Ars Technica and others report that Risk Sense has a BlueKeep proof-of-concept exploit.
The EU's mission to Moscow suffered a long-running "sophisticated cyber espionage event" that began in February 2017 and continued through its discovery in April, BuzzFeed reports. Russian organizations, probably intelligence services, are believed to be behind the attack, which netted the hackers an undisclosed haul of information. The EU did not disclose the incident, evidently not wishing to roil political waters on the eve of European elections.
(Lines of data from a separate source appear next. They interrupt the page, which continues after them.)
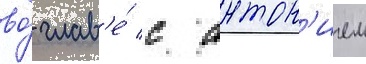
во́ глав'е́ с антон'ием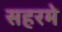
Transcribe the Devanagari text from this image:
सहरमे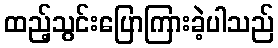
ထည့်သွင်းပြောကြားခဲ့ပါသည်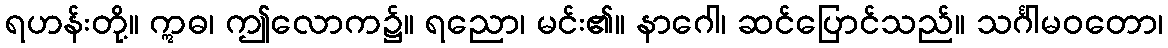
ရဟန်းတို့။ ဣဓ၊ ဤလောက၌။ ရညော၊ မင်း၏။ နာဂေါ၊ ဆင်ပြောင်သည်။ သင်္ဂါမဝတော၊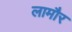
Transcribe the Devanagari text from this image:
लामौर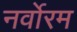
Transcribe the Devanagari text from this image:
नर्वोरम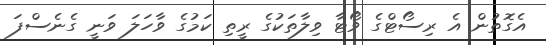
އެގޮތުން އެ ރިސޯޓްގެ ވޯޓާ ވިލާތަކުގެ ރީތި ކަަމުގެ ވާހަލަ ވަނީ ގެނެސްފަ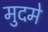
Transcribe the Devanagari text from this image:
मुदमे

Symantec's report on Russian influence operations in the 2016 US elections reveals Moscow's efforts to have been more extensive, more patient, and more balanced, ideologically, than previously assumed. A core group of main accounts (often bogus news services) was supported by a very large number of auxiliary accounts responsible for amplification. Messaging was designed to appeal to left and right roughly equally, with the most disaffected partisans most heavily targeted.
C4ISRNET suggests a possible motive for Russian GPS spoofing in the Black Sea: executive protection against drones. The incidents were highly correlated with President Putin's movements.
Lookout finds the advertising plug-in "BeiTaAd" in a lot of Google Play apps—about 230. This is more than just mildly irritating: BeiTaAd uses obfuscation normally seen in malware to obtrude itself into users' attention, yammering wildly across lockscreens, hooting video ads while the phone's supposed to be asleep, and so on. More than 440-million devices are believed to be infested. BeiTaAd can be hyperactive enough to render a phone effectively unusable, Threatpost comments.
Today's issue includes events affecting Australia, Canada, China, European Union, France, Israel, Russia, United Kingdom, United States, and and Vietnam.
Bring your own context.
Is it possible to devise a security system that can't be defeated by inventive human laziness, more or less well-intentioned, but still at bottom ergophobic? What about this blockchain thing we've heard about?
"Basically, the way you interact with the blockchain is you have a secret, which is known as a private key. If you're the holder of that private key, you can commit funds to the blockchain and you can take funds out. The private key is basically like a PIN number to your bank account. If anybody is able to get that private key, they can steal your funds. I was researching one day how exactly your private key is generated, and during my research, I found that people were using the private key of 1. The private key is supposed to be 78 digits long... But, you know, somebody decided, hey, let's use 77 digits, all of those being zero, and then the last digit is 1. So, effectively, they had the private key of 1. And if you go in and look at that address that's generated from a private key of 1, you'll see thousands of transactions committed to that key. So there've been lots of people interacting and colliding using this shared private key."
—Adrian Bednarek, senior security analyst at Independent Security Evaluators, hipping everyone to Ethercombing on Reserch Saturday's 6.1.19 edition.
What? Technically, seventy-seven zeroes followed by a one is seventy-eight digits, right? So what's the problem? Next time make it seventy-seven ones and a zero. What? That wouldn't do it either? There's no pleasing this blockchain thing...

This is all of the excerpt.